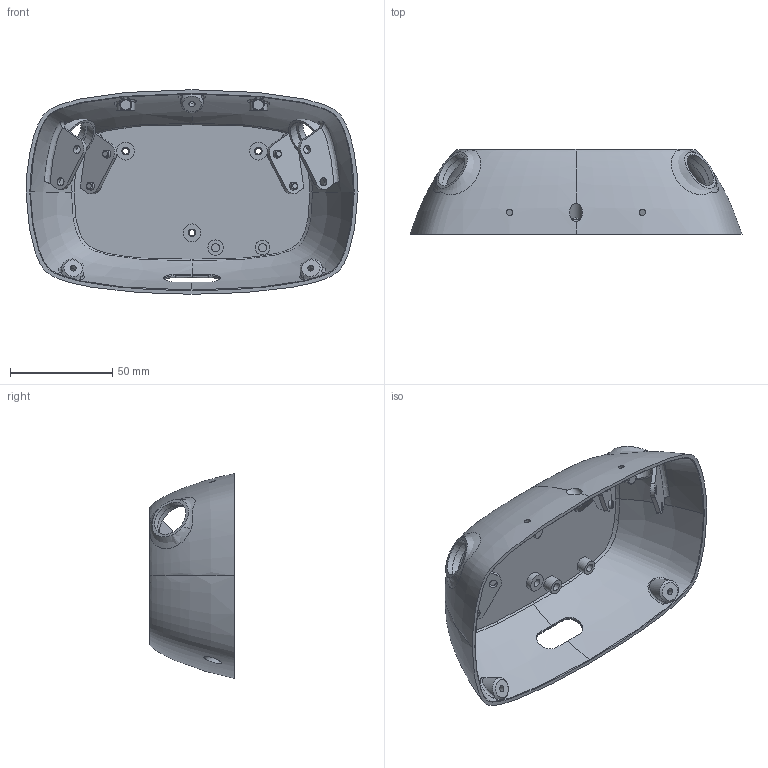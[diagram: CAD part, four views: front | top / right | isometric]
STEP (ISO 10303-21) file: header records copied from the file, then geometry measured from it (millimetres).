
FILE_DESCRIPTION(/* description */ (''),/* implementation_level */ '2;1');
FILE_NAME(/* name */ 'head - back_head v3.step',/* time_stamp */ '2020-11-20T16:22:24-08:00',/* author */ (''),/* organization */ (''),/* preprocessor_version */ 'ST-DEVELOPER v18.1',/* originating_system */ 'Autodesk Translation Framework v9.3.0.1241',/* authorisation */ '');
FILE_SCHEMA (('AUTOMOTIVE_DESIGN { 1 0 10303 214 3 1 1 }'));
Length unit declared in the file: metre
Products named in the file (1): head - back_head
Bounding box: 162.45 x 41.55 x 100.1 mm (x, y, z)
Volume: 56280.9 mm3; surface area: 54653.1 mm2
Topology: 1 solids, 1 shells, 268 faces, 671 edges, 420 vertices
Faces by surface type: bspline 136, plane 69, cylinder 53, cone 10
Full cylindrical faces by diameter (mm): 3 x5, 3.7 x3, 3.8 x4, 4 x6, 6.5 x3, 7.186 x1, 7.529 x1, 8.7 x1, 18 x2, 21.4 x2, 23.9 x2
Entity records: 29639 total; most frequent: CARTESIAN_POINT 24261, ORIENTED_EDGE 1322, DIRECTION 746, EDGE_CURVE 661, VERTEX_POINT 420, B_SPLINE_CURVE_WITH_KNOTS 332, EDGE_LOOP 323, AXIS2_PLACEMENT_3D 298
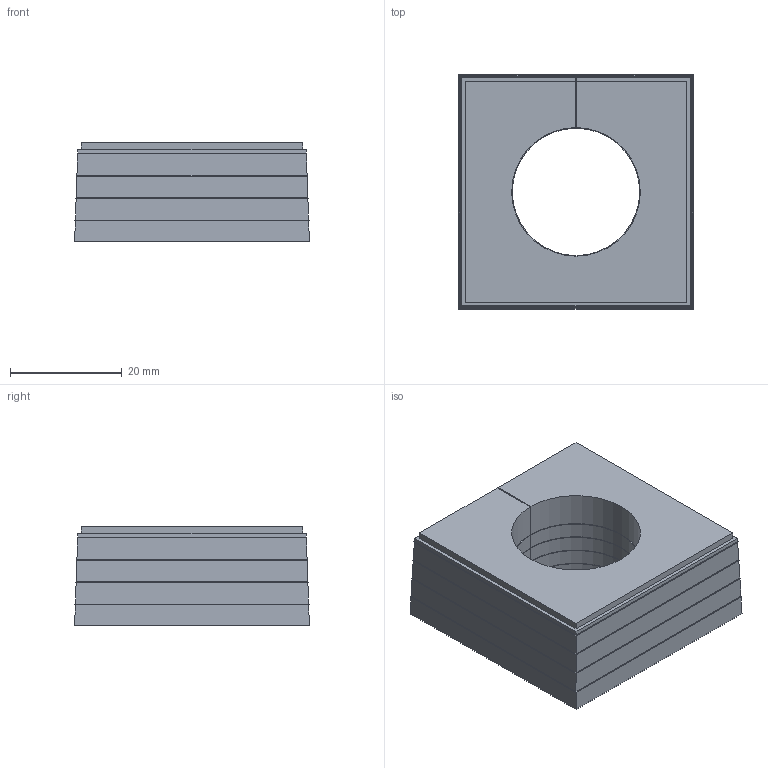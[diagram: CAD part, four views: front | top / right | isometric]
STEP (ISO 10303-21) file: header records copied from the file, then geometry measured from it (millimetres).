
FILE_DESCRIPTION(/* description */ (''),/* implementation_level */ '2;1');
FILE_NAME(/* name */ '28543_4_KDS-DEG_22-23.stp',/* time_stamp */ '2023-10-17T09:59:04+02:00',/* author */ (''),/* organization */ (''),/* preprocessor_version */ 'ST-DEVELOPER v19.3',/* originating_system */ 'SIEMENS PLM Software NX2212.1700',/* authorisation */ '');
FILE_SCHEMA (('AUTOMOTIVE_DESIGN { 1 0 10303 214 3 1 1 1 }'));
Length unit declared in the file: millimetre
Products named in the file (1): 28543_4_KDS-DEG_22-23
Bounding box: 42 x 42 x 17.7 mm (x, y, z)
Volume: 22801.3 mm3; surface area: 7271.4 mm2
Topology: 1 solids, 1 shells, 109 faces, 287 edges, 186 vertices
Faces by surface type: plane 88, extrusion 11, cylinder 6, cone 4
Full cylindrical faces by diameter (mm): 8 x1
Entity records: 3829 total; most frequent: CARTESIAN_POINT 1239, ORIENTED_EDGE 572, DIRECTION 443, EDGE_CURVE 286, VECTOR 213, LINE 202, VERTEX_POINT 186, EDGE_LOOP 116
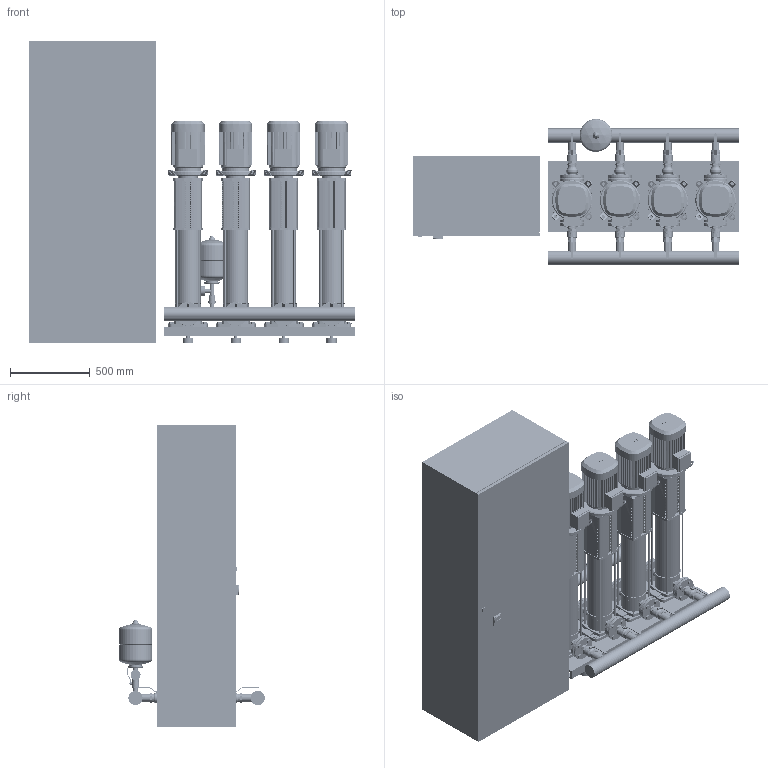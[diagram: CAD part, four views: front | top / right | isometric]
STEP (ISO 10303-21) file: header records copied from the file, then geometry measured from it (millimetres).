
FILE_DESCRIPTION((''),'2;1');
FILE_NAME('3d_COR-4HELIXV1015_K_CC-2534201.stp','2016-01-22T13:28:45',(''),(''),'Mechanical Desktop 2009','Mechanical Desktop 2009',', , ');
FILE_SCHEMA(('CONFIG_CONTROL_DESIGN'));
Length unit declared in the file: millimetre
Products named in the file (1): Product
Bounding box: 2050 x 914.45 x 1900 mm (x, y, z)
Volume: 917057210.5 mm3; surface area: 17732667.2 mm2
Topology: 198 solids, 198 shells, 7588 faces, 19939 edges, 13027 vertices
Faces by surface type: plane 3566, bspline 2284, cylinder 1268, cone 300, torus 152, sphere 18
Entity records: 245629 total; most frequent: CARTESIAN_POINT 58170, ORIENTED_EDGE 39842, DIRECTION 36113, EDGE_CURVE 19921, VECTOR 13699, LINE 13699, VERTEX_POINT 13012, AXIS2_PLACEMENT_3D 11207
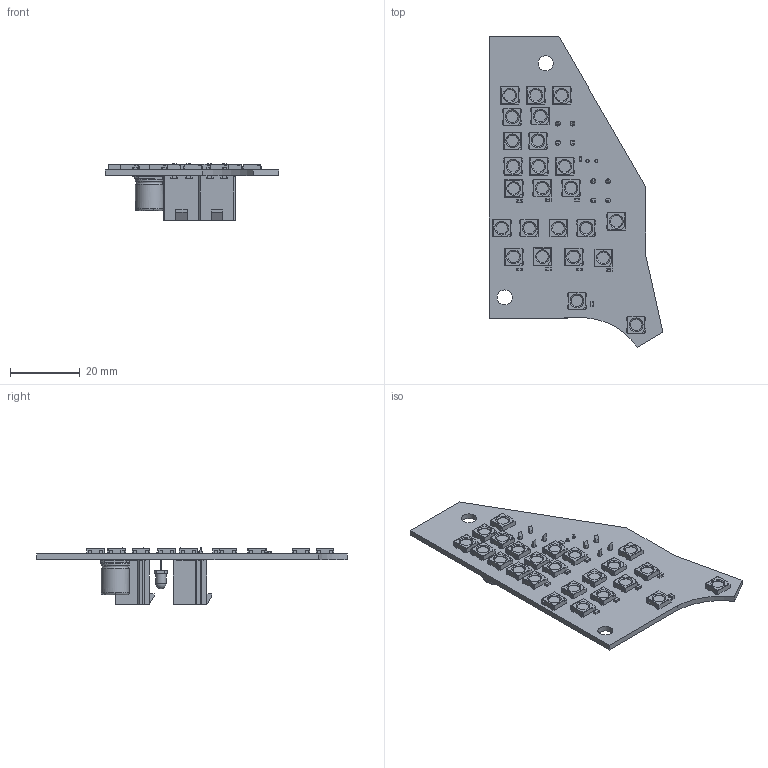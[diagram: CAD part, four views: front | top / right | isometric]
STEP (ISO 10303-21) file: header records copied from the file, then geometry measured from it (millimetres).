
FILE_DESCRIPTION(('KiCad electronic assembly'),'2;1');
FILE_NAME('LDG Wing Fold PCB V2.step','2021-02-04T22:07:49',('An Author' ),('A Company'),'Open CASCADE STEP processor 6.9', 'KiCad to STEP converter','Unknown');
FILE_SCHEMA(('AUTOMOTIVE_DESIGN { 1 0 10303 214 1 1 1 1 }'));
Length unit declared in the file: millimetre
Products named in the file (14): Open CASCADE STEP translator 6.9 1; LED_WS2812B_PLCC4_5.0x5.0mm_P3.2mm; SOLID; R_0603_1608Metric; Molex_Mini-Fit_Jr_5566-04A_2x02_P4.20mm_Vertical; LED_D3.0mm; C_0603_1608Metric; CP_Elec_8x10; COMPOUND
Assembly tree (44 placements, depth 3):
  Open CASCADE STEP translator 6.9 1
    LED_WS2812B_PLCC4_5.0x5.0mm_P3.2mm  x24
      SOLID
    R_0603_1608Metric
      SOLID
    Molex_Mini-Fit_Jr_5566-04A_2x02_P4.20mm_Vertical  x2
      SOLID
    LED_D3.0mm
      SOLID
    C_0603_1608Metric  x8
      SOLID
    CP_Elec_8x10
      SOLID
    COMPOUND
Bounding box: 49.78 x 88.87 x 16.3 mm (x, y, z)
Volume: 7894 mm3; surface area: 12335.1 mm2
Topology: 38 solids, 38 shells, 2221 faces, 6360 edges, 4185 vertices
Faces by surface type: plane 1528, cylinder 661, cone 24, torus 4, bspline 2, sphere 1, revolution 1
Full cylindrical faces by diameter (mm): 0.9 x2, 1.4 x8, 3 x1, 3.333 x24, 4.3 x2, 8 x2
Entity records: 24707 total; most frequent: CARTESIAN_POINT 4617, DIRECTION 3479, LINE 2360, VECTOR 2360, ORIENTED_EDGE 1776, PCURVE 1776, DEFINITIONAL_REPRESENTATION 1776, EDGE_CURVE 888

About this task: With the images excluded, output every record verbatim.

Exercise output:
[diagram: CAD part, four views: front | top / right | isometric]
STEP (ISO 10303-21) file: header records copied from the file, then geometry measured from it (millimetres).
FILE_DESCRIPTION(/* description */ (''),/* implementation_level */ '2;1');
FILE_NAME(/* name */ 'head - back_head v3.step',/* time_stamp */ '2020-11-20T16:22:24-08:00',/* author */ (''),/* organization */ (''),/* preprocessor_version */ 'ST-DEVELOPER v18.1',/* originating_system */ 'Autodesk Translation Framework v9.3.0.1241',/* authorisation */ '');
FILE_SCHEMA (('AUTOMOTIVE_DESIGN { 1 0 10303 214 3 1 1 }'));
Length unit declared in the file: metre
Products named in the file (1): head - back_head
Bounding box: 162.45 x 41.55 x 100.1 mm (x, y, z)
Volume: 56280.9 mm3; surface area: 54653.1 mm2
Topology: 1 solids, 1 shells, 268 faces, 671 edges, 420 vertices
Faces by surface type: bspline 136, plane 69, cylinder 53, cone 10
Full cylindrical faces by diameter (mm): 3 x5, 3.7 x3, 3.8 x4, 4 x6, 6.5 x3, 7.186 x1, 7.529 x1, 8.7 x1, 18 x2, 21.4 x2, 23.9 x2
Entity records: 29639 total; most frequent: CARTESIAN_POINT 24261, ORIENTED_EDGE 1322, DIRECTION 746, EDGE_CURVE 661, VERTEX_POINT 420, B_SPLINE_CURVE_WITH_KNOTS 332, EDGE_LOOP 323, AXIS2_PLACEMENT_3D 298
[diagram: CAD part, four views: front | top / right | isometric]
STEP (ISO 10303-21) file: header records copied from the file, then geometry measured from it (millimetres).
FILE_DESCRIPTION(/* description */ (''),/* implementation_level */ '2;1');
FILE_NAME(/* name */ '28543_4_KDS-DEG_22-23.stp',/* time_stamp */ '2023-10-17T09:59:04+02:00',/* author */ (''),/* organization */ (''),/* preprocessor_version */ 'ST-DEVELOPER v19.3',/* originating_system */ 'SIEMENS PLM Software NX2212.1700',/* authorisation */ '');
FILE_SCHEMA (('AUTOMOTIVE_DESIGN { 1 0 10303 214 3 1 1 1 }'));
Length unit declared in the file: millimetre
Products named in the file (1): 28543_4_KDS-DEG_22-23
Bounding box: 42 x 42 x 17.7 mm (x, y, z)
Volume: 22801.3 mm3; surface area: 7271.4 mm2
Topology: 1 solids, 1 shells, 109 faces, 287 edges, 186 vertices
Faces by surface type: plane 88, extrusion 11, cylinder 6, cone 4
Full cylindrical faces by diameter (mm): 8 x1
Entity records: 3829 total; most frequent: CARTESIAN_POINT 1239, ORIENTED_EDGE 572, DIRECTION 443, EDGE_CURVE 286, VECTOR 213, LINE 202, VERTEX_POINT 186, EDGE_LOOP 116
[diagram: CAD part, four views: front | top / right | isometric]
STEP (ISO 10303-21) file: header records copied from the file, then geometry measured from it (millimetres).
FILE_DESCRIPTION((''),'2;1');
FILE_NAME('3d_COR-4HELIXV1015_K_CC-2534201.stp','2016-01-22T13:28:45',(''),(''),'Mechanical Desktop 2009','Mechanical Desktop 2009',', , ');
FILE_SCHEMA(('CONFIG_CONTROL_DESIGN'));
Length unit declared in the file: millimetre
Products named in the file (1): Product
Bounding box: 2050 x 914.45 x 1900 mm (x, y, z)
Volume: 917057210.5 mm3; surface area: 17732667.2 mm2
Topology: 198 solids, 198 shells, 7588 faces, 19939 edges, 13027 vertices
Faces by surface type: plane 3566, bspline 2284, cylinder 1268, cone 300, torus 152, sphere 18
Entity records: 245629 total; most frequent: CARTESIAN_POINT 58170, ORIENTED_EDGE 39842, DIRECTION 36113, EDGE_CURVE 19921, VECTOR 13699, LINE 13699, VERTEX_POINT 13012, AXIS2_PLACEMENT_3D 11207
[diagram: CAD part, four views: front | top / right | isometric]
STEP (ISO 10303-21) file: header records copied from the file, then geometry measured from it (millimetres).
FILE_DESCRIPTION(('KiCad electronic assembly'),'2;1');
FILE_NAME('LDG Wing Fold PCB V2.step','2021-02-04T22:07:49',('An Author' ),('A Company'),'Open CASCADE STEP processor 6.9', 'KiCad to STEP converter','Unknown');
FILE_SCHEMA(('AUTOMOTIVE_DESIGN { 1 0 10303 214 1 1 1 1 }'));
Length unit declared in the file: millimetre
Products named in the file (14): Open CASCADE STEP translator 6.9 1; LED_WS2812B_PLCC4_5.0x5.0mm_P3.2mm; SOLID; R_0603_1608Metric; Molex_Mini-Fit_Jr_5566-04A_2x02_P4.20mm_Vertical; LED_D3.0mm; C_0603_1608Metric; CP_Elec_8x10; COMPOUND
Assembly tree (44 placements, depth 3):
  Open CASCADE STEP translator 6.9 1
    LED_WS2812B_PLCC4_5.0x5.0mm_P3.2mm  x24
      SOLID
    R_0603_1608Metric
      SOLID
    Molex_Mini-Fit_Jr_5566-04A_2x02_P4.20mm_Vertical  x2
      SOLID
    LED_D3.0mm
      SOLID
    C_0603_1608Metric  x8
      SOLID
    CP_Elec_8x10
      SOLID
    COMPOUND
Bounding box: 49.78 x 88.87 x 16.3 mm (x, y, z)
Volume: 7894 mm3; surface area: 12335.1 mm2
Topology: 38 solids, 38 shells, 2221 faces, 6360 edges, 4185 vertices
Faces by surface type: plane 1528, cylinder 661, cone 24, torus 4, bspline 2, sphere 1, revolution 1
Full cylindrical faces by diameter (mm): 0.9 x2, 1.4 x8, 3 x1, 3.333 x24, 4.3 x2, 8 x2
Entity records: 24707 total; most frequent: CARTESIAN_POINT 4617, DIRECTION 3479, LINE 2360, VECTOR 2360, ORIENTED_EDGE 1776, PCURVE 1776, DEFINITIONAL_REPRESENTATION 1776, EDGE_CURVE 888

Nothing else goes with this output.